Sedang mereka berbincang-bincang itu datang pula pak Darmaji dan ibu Rita. Keduanya menyalami pak Sofyan. Ibu Rita menyampaikan rasa prihatin atas musibah yang menimpa pak Sofyan. Rumah si Abah jadi bertambah ramai dengan tamu-tamu itu. Tapi si Abah itu ramah sekali. Dia menyambut tamu-tamu itu dengan hangat dan ikut ngobrol dengan mereka. Si Abah sangat menghormati mereka, guru-guru itu. Orang-orang yang menurut si Abah sangat patut dihormati.

Mulanya pak Umar mau pamit untuk pulang duluan. Tapi dicegah pak Mursyid. Kata pak Mursyid lebih baik bersama-sama saja nanti kembali ke Jakarta. Ikut mobilnya Adrianto. Pak Umar menerima tawaran itu.

Rombongan tamu-tamu itu menunggui pak Sofyan sampai selesai shalat zuhur, untuk memberi kesempatan kepada Dita dan adiknya Reza bersenda gurau dengan ayah mereka. Pak Sofyan diminta si Abah tinggal sampai hari Rabu untuk menuntaskan perawatan tangannya yang patah itu. Si Abah sangat optimis tangan pak Sofyan akan segera baik.

‘Harus sabar sajah. Namanya juga musibah. Tidak apa-apa, insya Allah nanti juga sembuh,’ ujar si Abah memberi semangat.

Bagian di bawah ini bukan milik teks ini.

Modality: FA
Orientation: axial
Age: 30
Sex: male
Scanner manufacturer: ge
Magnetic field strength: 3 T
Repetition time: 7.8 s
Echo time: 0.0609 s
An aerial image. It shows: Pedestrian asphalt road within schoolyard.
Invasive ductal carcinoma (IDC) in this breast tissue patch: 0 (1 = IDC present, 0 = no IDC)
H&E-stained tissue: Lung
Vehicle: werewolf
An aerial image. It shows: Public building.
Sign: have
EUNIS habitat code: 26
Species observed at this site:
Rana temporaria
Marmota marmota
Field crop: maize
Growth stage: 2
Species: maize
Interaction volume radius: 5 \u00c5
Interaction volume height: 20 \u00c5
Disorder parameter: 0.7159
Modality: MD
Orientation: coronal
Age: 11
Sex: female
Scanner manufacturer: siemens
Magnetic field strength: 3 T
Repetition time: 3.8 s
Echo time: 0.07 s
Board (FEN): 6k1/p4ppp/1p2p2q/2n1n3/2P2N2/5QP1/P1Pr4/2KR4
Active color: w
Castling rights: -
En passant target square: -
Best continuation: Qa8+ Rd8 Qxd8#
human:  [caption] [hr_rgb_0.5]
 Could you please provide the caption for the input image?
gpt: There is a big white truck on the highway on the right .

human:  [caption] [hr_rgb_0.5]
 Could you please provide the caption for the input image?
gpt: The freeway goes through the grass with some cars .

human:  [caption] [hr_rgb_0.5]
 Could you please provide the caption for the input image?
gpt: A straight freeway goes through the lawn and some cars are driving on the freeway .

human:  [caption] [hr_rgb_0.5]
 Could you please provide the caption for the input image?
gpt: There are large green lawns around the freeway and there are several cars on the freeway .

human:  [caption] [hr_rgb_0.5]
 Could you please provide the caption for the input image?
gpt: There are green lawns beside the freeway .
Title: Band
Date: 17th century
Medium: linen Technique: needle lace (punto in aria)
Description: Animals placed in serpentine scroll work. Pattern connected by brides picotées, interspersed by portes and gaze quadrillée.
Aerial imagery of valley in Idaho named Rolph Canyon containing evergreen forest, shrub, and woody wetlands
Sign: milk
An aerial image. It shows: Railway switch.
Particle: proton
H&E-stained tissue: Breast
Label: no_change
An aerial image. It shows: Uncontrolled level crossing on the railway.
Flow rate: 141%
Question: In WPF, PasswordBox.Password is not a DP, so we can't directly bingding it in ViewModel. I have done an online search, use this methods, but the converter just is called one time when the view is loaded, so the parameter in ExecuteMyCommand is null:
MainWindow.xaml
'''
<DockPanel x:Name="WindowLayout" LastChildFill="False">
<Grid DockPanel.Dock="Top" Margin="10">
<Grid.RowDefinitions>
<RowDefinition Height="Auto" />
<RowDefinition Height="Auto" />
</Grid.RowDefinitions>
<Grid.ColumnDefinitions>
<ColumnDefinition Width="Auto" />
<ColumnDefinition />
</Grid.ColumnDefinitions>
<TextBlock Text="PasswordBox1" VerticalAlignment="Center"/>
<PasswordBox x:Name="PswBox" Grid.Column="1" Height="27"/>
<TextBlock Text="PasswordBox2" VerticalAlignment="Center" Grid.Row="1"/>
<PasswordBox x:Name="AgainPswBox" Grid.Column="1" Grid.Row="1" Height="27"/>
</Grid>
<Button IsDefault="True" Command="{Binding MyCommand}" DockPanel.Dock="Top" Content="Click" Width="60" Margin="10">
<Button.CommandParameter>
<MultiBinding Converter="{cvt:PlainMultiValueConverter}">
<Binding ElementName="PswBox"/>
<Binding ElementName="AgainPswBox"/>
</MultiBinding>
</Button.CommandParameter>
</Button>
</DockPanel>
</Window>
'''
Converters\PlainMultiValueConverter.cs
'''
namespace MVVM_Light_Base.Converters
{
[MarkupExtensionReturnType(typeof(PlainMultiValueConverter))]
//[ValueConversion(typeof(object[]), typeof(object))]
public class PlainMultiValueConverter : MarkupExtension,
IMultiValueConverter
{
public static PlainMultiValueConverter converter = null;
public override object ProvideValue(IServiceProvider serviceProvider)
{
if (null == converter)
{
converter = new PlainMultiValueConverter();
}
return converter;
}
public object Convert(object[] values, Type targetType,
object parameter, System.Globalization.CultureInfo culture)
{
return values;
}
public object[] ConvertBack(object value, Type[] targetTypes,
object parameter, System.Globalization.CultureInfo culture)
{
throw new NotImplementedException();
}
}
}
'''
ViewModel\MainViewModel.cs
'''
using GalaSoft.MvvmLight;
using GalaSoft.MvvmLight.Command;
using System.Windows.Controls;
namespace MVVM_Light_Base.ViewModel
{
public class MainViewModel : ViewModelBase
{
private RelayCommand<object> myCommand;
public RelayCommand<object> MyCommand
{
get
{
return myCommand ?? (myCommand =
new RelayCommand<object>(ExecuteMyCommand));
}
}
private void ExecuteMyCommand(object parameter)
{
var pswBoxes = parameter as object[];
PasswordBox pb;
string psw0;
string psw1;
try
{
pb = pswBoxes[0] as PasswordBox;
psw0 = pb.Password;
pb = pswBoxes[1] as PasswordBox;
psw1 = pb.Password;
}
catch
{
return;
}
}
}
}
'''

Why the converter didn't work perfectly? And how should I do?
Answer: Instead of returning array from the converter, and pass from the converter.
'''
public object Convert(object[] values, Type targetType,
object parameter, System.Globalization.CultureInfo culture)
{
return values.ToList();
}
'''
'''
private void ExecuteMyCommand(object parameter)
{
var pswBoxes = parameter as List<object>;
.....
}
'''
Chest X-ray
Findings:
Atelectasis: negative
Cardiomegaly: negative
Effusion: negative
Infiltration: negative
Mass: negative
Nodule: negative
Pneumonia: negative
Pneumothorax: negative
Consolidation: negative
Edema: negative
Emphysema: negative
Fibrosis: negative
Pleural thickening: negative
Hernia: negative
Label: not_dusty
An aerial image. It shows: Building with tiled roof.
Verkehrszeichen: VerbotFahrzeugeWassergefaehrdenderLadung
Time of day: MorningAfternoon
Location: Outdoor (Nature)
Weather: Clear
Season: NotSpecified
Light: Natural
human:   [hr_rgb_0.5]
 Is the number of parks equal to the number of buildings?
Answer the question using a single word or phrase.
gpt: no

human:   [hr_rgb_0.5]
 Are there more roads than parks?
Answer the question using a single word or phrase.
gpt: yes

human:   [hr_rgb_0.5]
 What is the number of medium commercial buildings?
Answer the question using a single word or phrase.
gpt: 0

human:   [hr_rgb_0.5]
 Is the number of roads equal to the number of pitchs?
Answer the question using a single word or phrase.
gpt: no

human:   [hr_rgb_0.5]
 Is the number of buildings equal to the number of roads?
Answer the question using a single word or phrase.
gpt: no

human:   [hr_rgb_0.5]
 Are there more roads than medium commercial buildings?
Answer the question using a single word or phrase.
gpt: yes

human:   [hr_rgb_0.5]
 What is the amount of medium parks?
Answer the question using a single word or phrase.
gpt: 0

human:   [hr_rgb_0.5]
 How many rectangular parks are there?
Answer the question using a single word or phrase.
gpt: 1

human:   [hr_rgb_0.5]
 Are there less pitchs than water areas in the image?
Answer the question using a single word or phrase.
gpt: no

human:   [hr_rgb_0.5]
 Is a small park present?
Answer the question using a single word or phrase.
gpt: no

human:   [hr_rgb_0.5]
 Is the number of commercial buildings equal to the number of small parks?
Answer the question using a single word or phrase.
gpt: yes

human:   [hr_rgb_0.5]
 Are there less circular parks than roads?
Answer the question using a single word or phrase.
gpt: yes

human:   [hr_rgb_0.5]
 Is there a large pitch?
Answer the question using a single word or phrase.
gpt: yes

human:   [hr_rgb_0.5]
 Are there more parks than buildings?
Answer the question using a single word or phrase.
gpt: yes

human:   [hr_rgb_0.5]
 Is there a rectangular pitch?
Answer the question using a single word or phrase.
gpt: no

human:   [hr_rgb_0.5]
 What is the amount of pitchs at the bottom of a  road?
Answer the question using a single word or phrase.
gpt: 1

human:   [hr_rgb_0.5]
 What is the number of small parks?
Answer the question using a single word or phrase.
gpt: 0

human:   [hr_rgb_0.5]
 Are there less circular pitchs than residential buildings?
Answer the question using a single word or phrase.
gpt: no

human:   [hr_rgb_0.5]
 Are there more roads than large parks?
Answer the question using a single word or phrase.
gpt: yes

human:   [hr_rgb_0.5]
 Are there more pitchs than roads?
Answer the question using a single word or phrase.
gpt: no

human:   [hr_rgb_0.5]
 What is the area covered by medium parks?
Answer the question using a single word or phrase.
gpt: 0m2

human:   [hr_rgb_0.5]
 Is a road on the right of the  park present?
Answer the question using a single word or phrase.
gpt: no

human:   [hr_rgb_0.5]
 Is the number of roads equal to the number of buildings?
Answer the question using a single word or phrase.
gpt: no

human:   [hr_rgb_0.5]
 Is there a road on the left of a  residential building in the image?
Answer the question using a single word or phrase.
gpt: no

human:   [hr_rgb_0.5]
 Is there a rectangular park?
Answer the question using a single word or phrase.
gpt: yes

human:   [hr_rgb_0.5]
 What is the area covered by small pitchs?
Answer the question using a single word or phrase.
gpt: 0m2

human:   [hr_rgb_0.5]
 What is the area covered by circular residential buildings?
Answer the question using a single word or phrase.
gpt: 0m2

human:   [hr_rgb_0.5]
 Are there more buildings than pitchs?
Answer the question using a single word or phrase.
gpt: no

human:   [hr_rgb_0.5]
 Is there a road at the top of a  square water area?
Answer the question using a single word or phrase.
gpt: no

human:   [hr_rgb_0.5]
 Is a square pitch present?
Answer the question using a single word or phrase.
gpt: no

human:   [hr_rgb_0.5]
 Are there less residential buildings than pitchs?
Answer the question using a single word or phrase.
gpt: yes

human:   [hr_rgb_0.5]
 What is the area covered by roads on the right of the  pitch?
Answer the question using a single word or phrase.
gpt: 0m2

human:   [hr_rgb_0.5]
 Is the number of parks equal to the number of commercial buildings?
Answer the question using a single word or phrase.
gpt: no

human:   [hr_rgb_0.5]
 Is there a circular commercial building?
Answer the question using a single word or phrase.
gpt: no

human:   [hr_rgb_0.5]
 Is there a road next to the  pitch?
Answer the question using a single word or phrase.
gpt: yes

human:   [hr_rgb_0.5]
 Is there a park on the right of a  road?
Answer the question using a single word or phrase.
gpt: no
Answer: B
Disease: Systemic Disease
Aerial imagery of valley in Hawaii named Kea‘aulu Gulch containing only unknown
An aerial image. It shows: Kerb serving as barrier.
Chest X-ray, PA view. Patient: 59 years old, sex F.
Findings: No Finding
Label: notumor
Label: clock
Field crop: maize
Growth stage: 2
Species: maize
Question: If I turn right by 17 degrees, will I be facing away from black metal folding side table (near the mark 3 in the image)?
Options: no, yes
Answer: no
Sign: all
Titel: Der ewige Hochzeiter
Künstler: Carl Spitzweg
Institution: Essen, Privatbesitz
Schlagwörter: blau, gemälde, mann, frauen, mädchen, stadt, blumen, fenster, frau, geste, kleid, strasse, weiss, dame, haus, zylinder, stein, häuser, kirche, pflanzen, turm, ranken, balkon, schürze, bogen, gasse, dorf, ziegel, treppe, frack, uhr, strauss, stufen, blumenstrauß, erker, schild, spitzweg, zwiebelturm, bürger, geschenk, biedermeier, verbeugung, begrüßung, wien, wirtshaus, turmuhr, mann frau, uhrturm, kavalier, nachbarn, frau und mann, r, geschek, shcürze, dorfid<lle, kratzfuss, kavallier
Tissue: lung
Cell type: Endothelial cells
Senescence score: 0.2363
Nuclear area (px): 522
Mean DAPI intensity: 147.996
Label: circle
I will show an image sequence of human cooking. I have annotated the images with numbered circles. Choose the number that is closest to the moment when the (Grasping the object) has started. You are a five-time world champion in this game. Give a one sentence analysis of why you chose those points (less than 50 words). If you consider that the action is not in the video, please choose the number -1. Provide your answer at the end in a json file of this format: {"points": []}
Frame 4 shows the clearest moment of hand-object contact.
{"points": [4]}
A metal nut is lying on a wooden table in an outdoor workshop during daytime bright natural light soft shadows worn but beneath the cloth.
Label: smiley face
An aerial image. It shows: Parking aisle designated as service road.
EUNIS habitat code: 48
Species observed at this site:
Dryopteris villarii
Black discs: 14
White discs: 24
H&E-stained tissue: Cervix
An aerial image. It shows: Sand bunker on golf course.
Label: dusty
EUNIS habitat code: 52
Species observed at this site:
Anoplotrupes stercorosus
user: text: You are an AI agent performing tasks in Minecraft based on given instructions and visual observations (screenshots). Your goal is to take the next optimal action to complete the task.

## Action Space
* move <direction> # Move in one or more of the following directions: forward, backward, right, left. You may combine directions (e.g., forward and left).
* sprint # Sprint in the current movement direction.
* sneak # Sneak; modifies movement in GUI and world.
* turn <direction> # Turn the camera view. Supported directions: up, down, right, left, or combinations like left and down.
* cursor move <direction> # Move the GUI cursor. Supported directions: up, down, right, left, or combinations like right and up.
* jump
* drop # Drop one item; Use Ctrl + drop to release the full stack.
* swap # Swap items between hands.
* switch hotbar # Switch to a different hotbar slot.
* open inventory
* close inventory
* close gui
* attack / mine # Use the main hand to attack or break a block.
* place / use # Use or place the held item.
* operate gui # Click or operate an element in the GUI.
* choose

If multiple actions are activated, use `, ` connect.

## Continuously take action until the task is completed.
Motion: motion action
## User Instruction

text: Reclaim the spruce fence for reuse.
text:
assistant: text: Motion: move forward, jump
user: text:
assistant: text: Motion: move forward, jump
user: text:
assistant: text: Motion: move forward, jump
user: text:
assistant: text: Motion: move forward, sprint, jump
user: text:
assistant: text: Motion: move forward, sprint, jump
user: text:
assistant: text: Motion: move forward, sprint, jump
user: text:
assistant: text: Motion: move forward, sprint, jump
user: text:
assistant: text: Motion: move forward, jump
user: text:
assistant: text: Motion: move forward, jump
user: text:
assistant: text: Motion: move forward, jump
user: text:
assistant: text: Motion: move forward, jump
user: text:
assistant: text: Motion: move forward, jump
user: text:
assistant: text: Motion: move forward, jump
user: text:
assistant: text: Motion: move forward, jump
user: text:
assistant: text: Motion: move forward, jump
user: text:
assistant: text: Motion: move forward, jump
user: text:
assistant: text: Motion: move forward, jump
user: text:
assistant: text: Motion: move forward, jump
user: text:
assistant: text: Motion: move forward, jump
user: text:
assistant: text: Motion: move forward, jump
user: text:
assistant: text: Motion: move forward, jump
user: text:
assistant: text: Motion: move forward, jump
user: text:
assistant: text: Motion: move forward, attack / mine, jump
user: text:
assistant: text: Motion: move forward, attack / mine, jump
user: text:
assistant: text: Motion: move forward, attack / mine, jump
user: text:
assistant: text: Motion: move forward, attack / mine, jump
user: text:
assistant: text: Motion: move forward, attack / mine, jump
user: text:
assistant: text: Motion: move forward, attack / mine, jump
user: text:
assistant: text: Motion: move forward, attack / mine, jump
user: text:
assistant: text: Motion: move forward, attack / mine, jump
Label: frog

Ya, memang itulah yang terbaik. Sabar. Dan berdoa. Ibu Sofyan dan anak-anaknya tabah menerima musibah yang menimpa. Akhirnya, sesudah shalat zuhur di mesjid dekat rumah si Abah, rombongan itu kembali ke Jakarta. Pak Umar diajak pak Darmaji dan ibu Rita ikut bersama-sama di mobil ibu Rita.